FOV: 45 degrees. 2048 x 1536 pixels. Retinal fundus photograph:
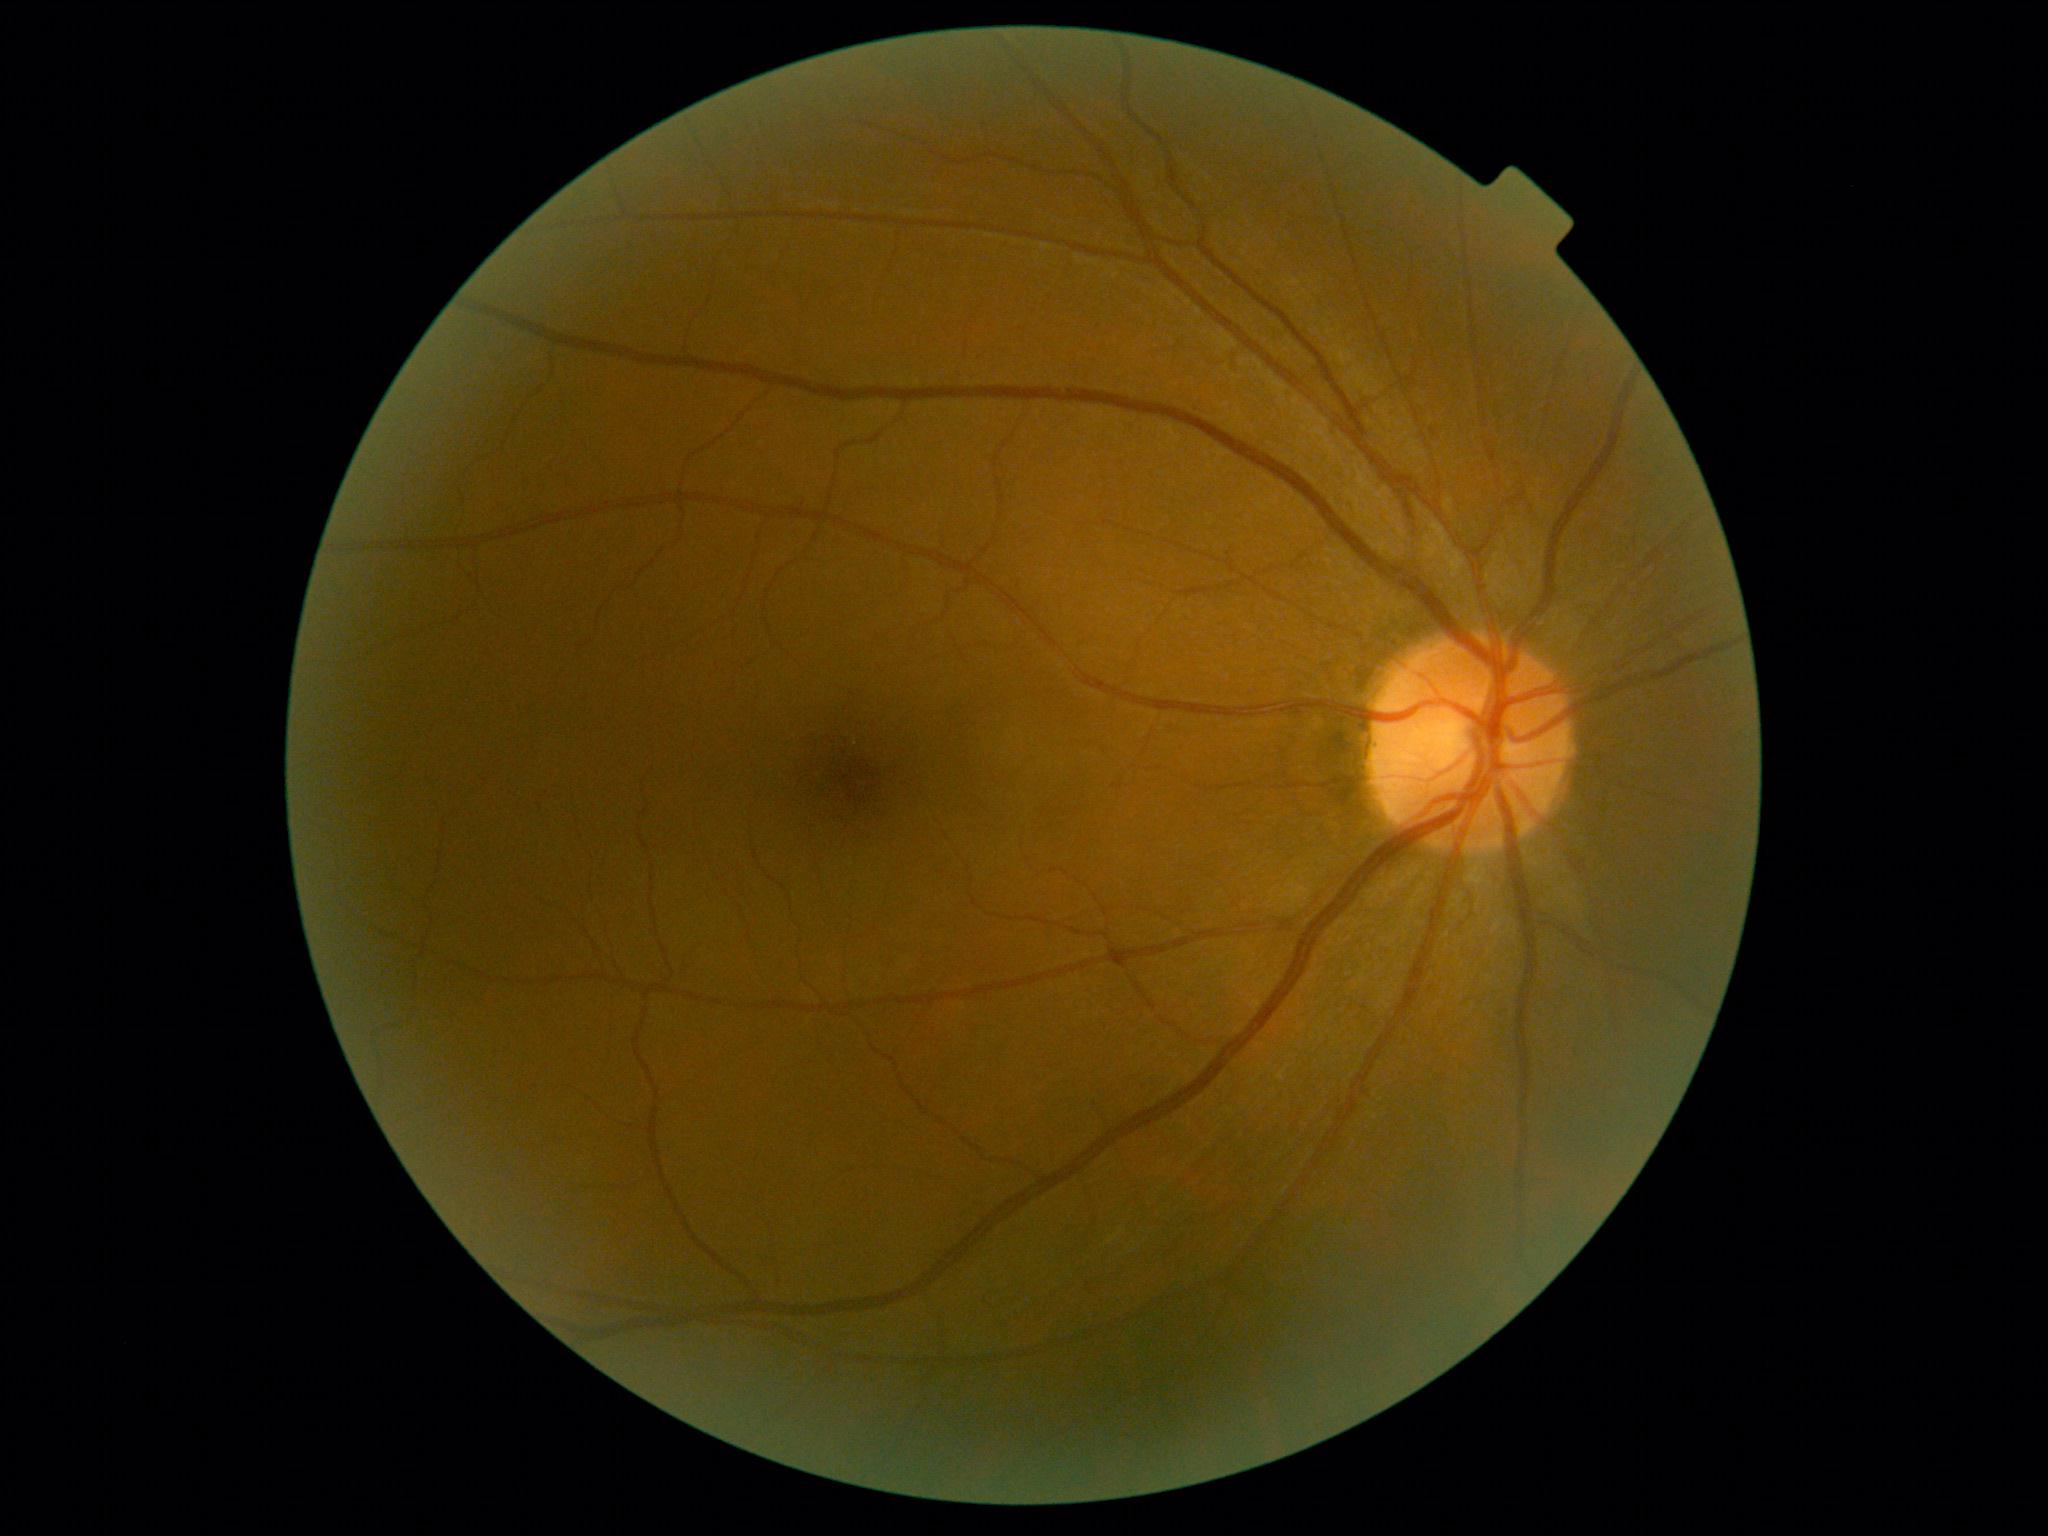

DR class: non-proliferative diabetic retinopathy.
Retinopathy grade: 1 — presence of microaneurysms only.
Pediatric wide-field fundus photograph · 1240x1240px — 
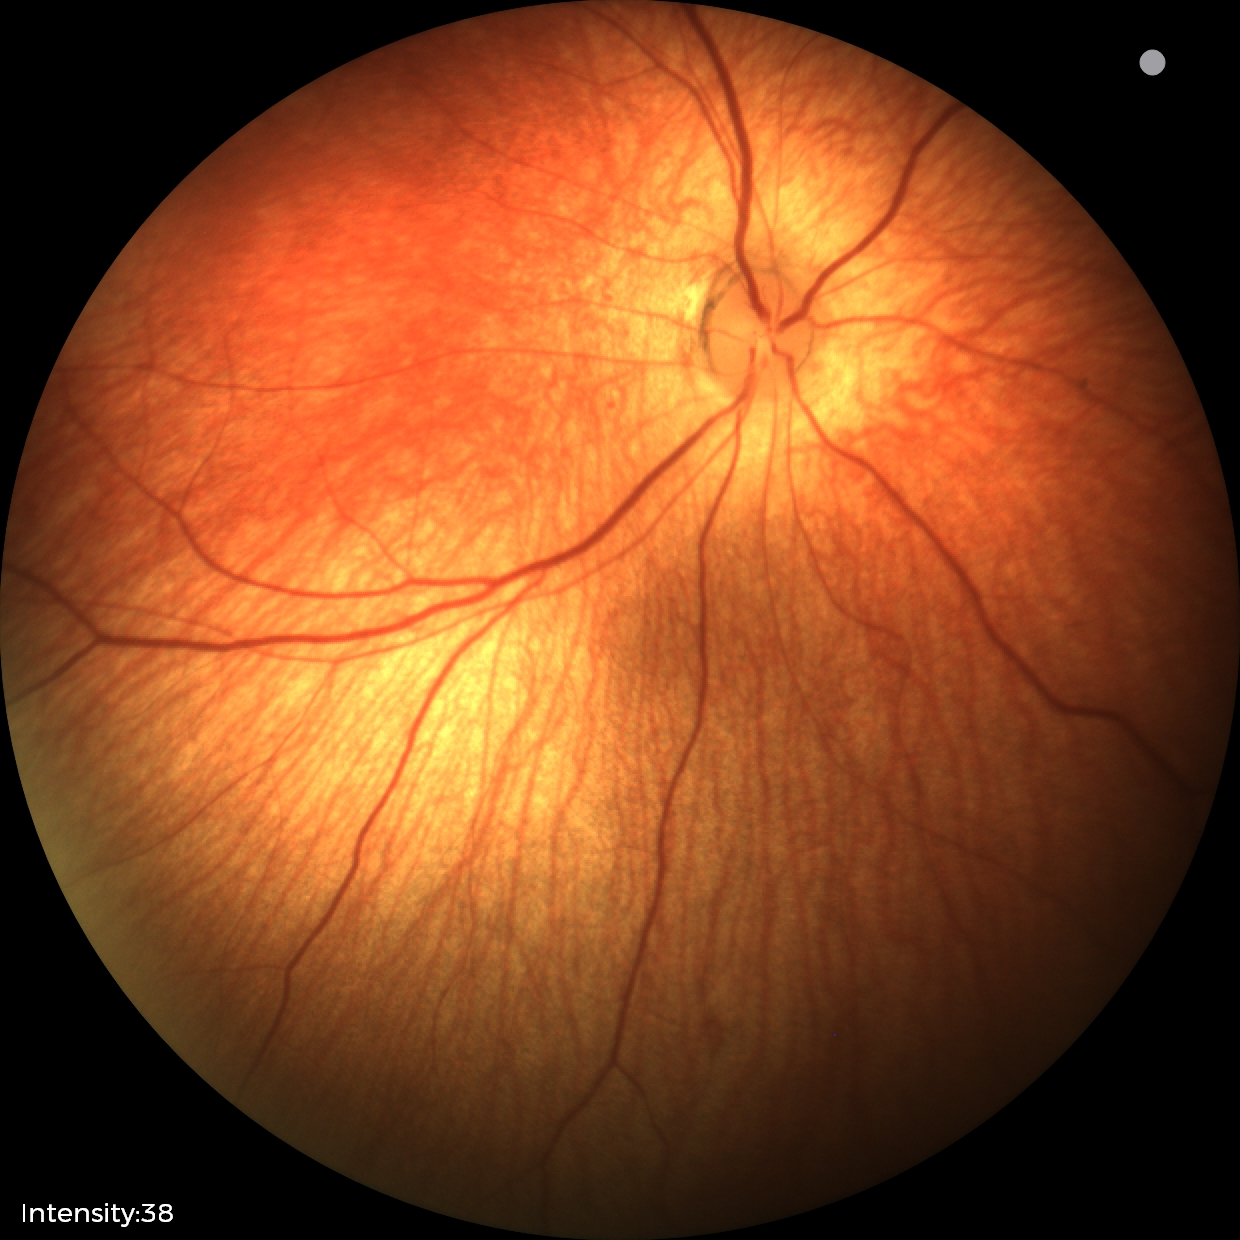

Physiological retinal appearance for postconceptual age.
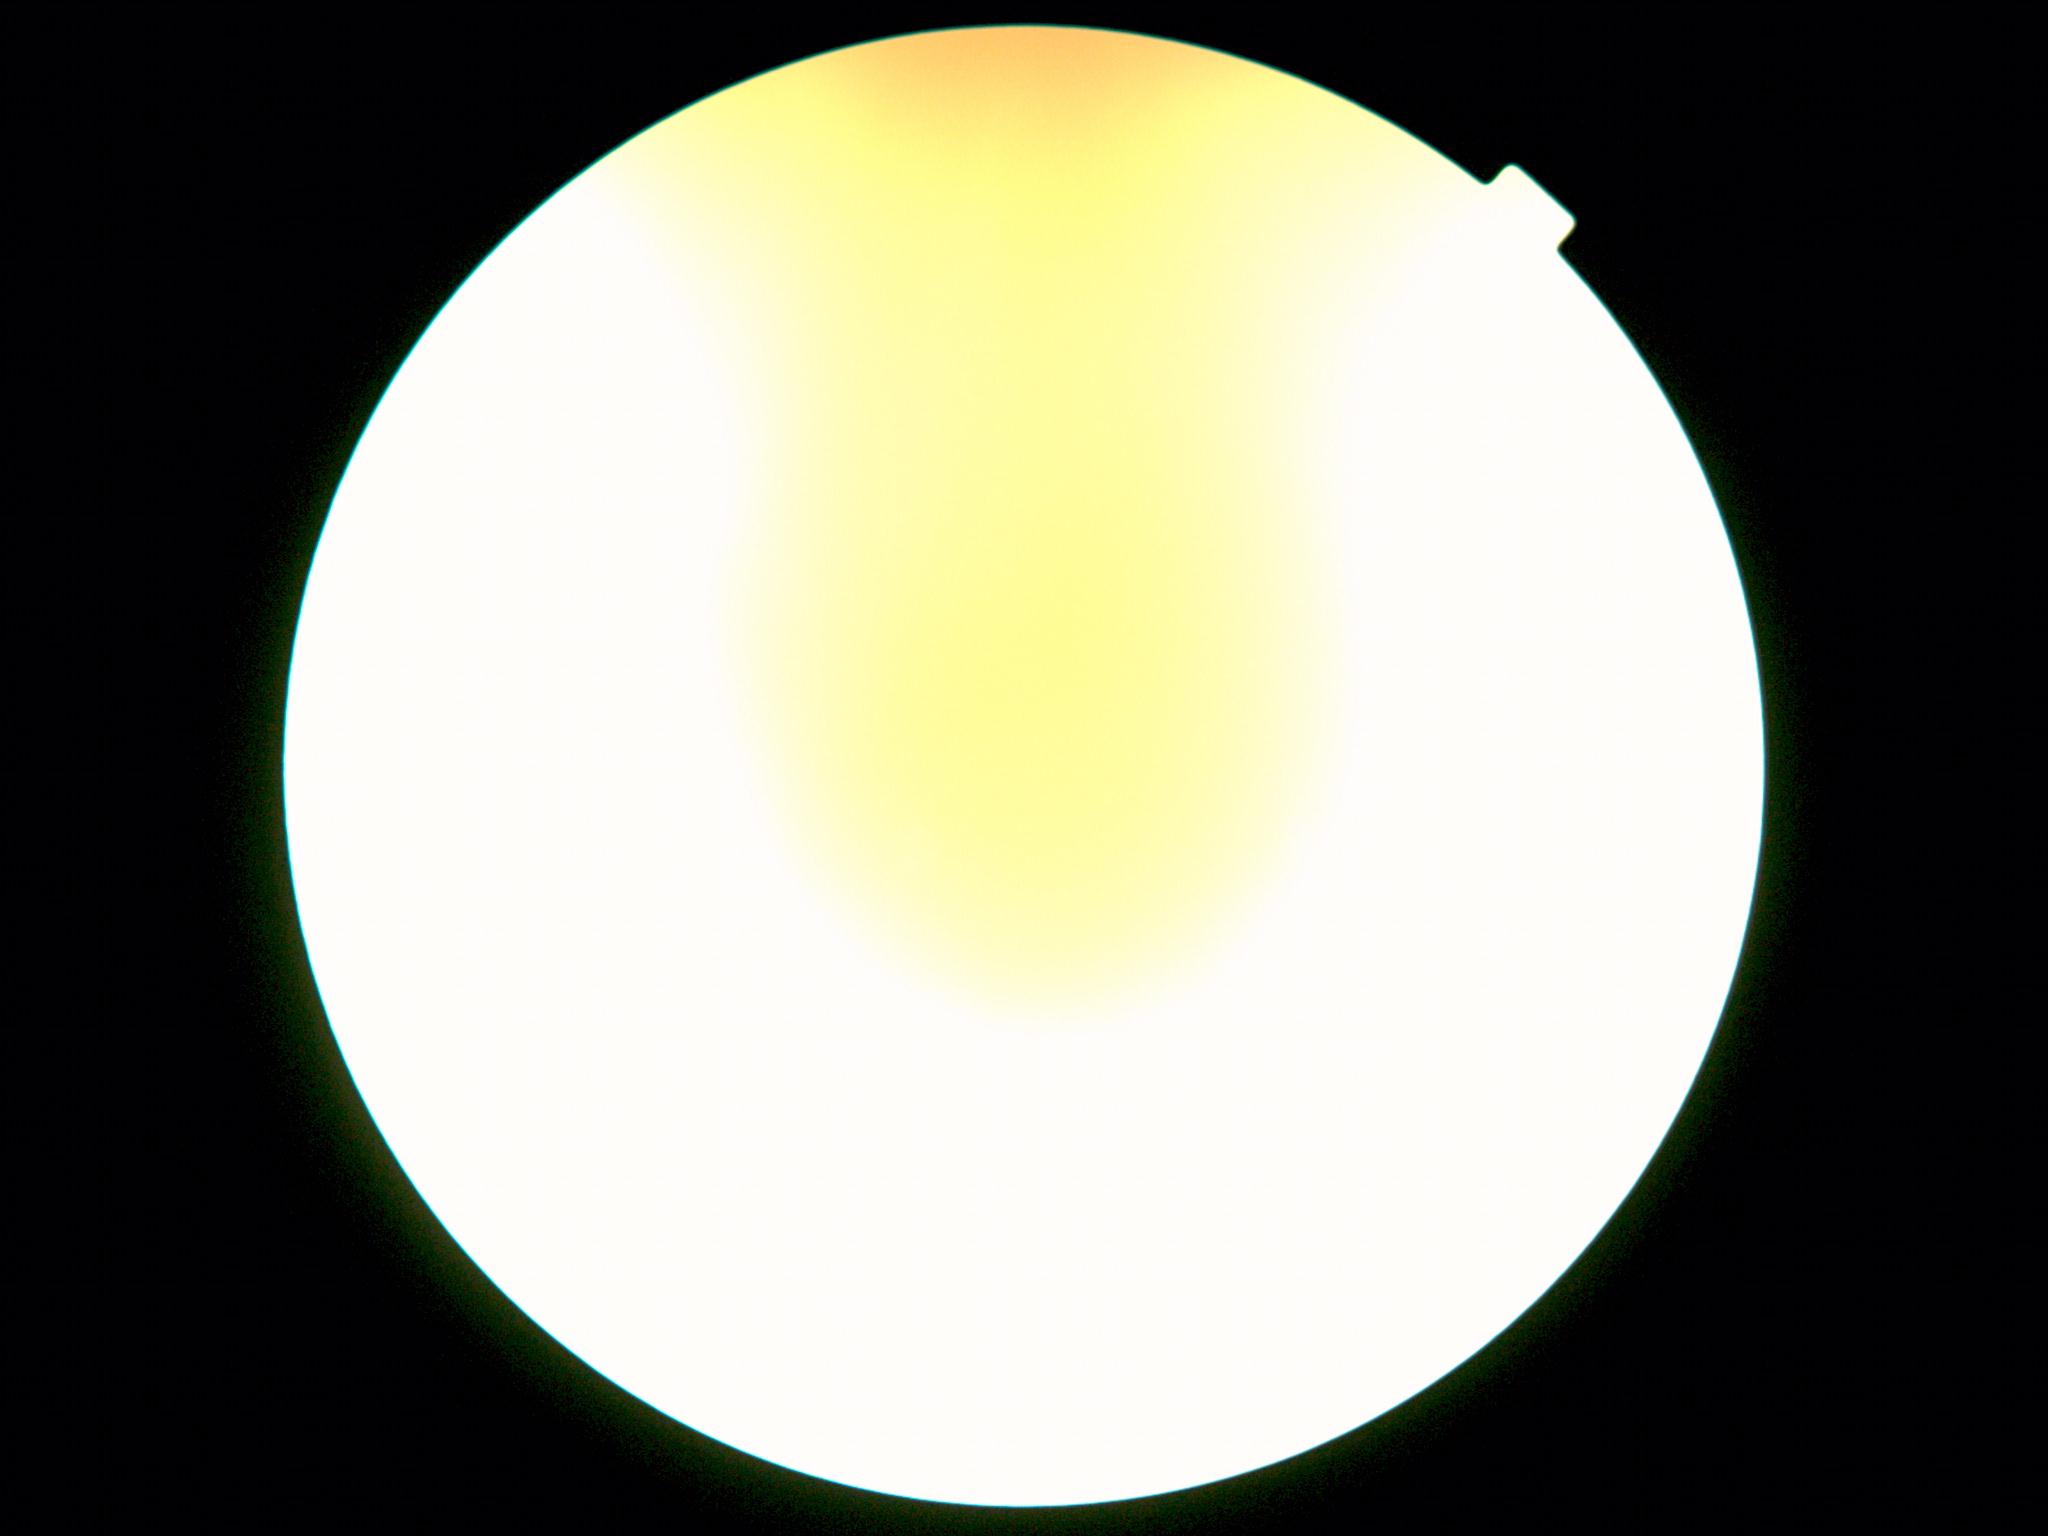

Diabetic retinopathy grade is ungradable.
Quality too poor to assess for DR.
....................
• **The task**:
Reproduce exactly the lines above from the one with "Pediatric wide-field fundus" through the last line of the data, keeping both ends and dropping the pictures.

• **Task response**:
Pediatric wide-field fundus photograph · 1240x1240px — 

Physiological retinal appearance for postconceptual age.

Diabetic retinopathy grade is ungradable.
Quality too poor to assess for DR.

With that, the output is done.